Poignant, loving, informative, and consoling alike for children in similar situations.

A child worriedly looks on as an older neighbor begins to exhibit signs of dementia in this British import.

Drawing both actual incidents and tender, loving tone from Martin Slevin’s memoir, Little Girl in the Radiator (2012), Bate views through the eyes of young Maisie a pattern of increasingly erratic behavior by her beloved friend Mrs Moon. The lapses begin with the kindly ex-nurse’s discombobulating appearance in a coat with ripped-off sleeves and escalate to a noisy assault with a hammer on a radiator in the belief that there is a child trapped inside. That last finally spurs Maisie’s parents to contact Mrs Moon’s daughter in Australia. The tale is a bit wordy, the text incorporating blocks of narrative, a list of common symptoms of dementia, and dialogue balloons. Nevertheless, the author leaves adequate space in her rounded panels for faces smiling and anxious, for memories of happier times, for hugs and tears—and for flashing lights in the scariest moment, when Mrs Moon causes a kitchen fire.
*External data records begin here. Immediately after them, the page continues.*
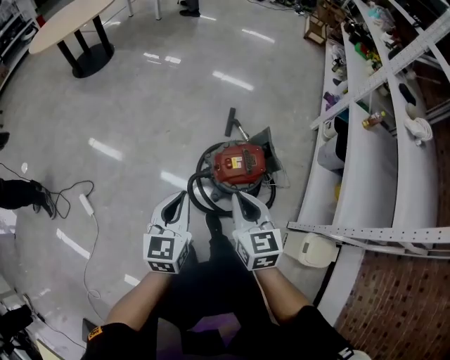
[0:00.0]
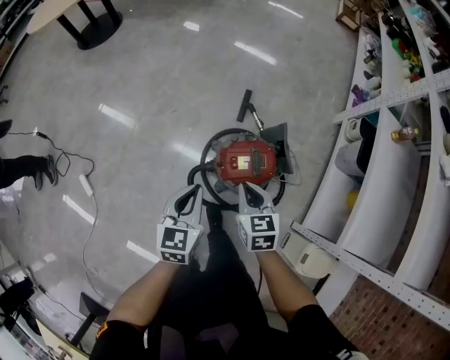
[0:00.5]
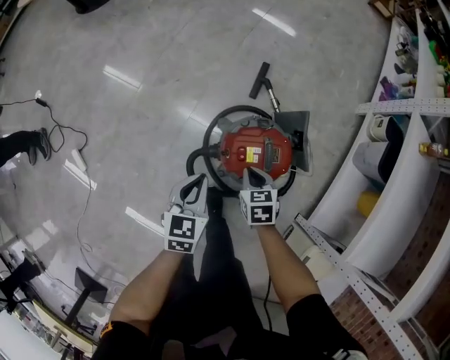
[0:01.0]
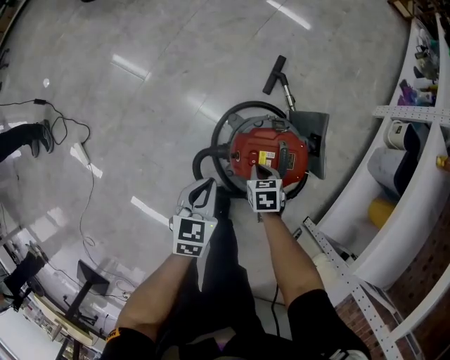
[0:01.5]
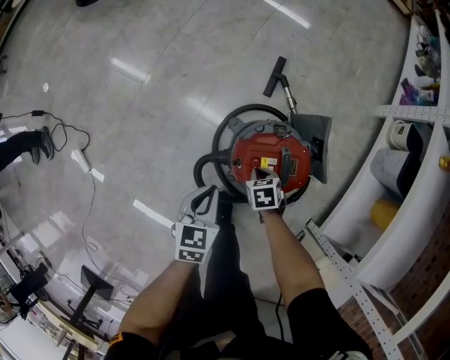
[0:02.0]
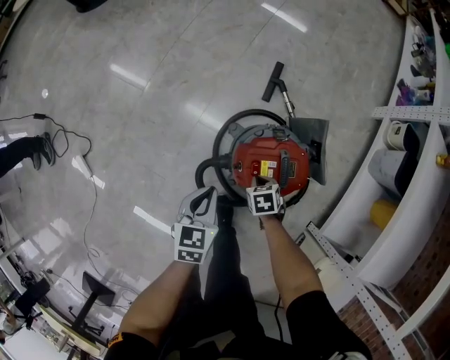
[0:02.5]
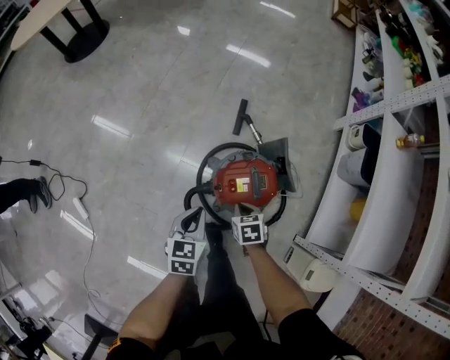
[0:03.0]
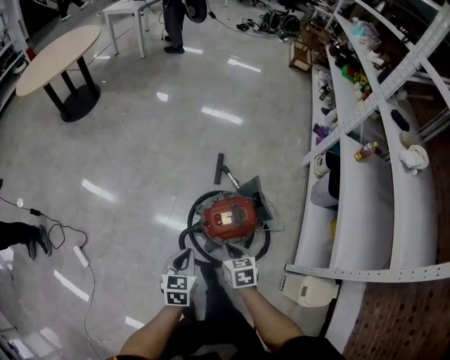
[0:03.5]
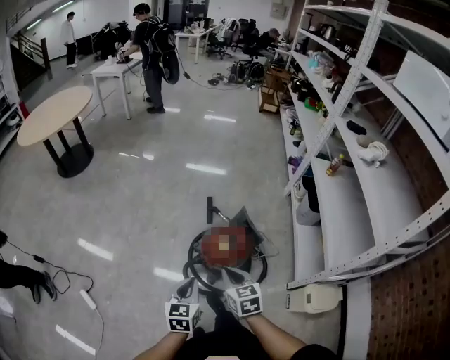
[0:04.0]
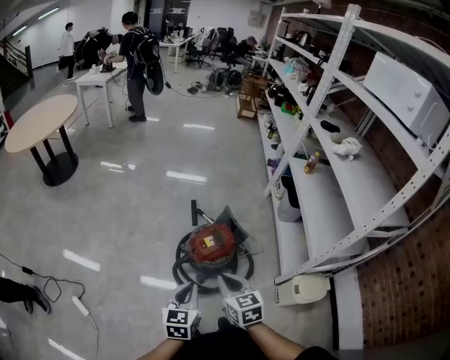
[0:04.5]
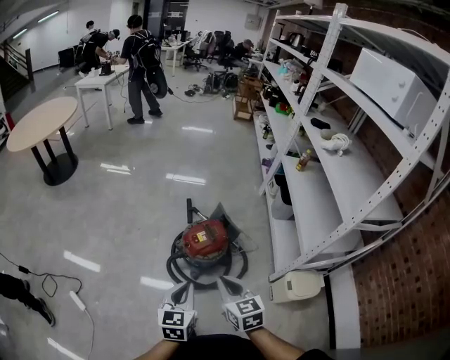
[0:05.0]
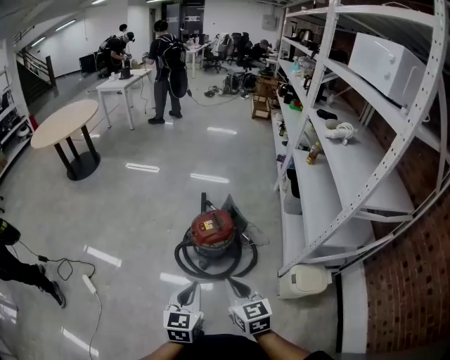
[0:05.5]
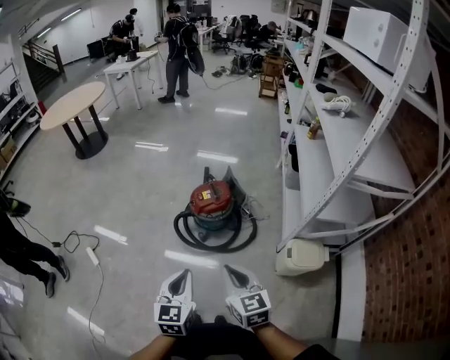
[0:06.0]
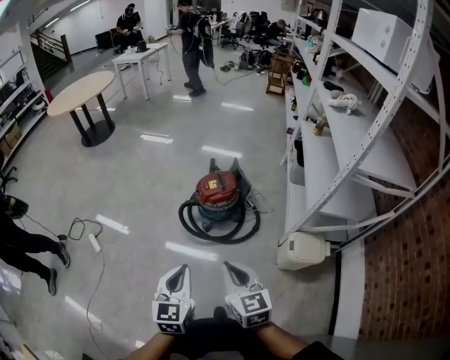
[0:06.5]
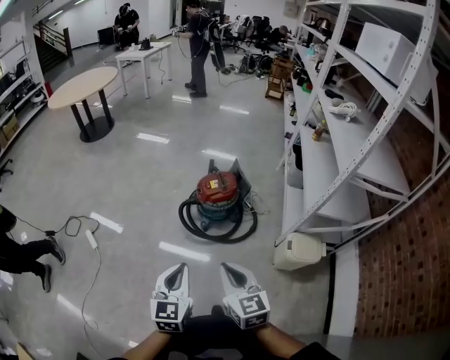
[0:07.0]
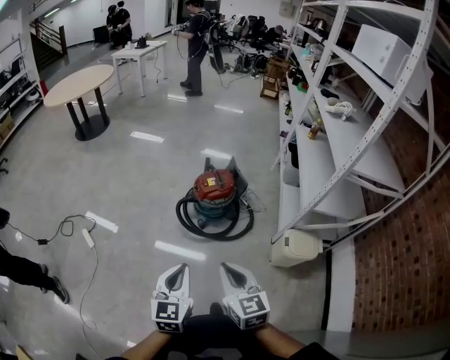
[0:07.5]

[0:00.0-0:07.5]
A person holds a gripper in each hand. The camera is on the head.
0:00.0 to 0:02.0: The grippers both shift downward by about 40 cm. The right gripper tilts its fingers about 50 degrees downward, while the left gripper changes its angle by some 30 degrees.
0:02.0 to 0:04.0: The left gripper shifts roughly 25 cm upward, and rotates roughly 20 degrees, while the right gripper moves upward, some 40 cm, and points its fingers roughly 40 degrees further upward.
0:04.0 to 0:05.5: The left gripper moves backward, to the right and upward, approximately 25 cm; the right gripper heads backward, upward and to the right, covering roughly 25 cm.
0:05.5 to 0:07.5: The two grippers go some 20 cm backward.

In the wake of Maisie’s perceptive comment that “she’s trying so hard to make sense of the world, and she just doesn’t understand it any more,” Mrs Moon’s daughter tells the relieved child that she’ll be taking her mother back to Australia rather than leaving her in a senior home among strangers. Except in one crowd scene, faces are white throughout.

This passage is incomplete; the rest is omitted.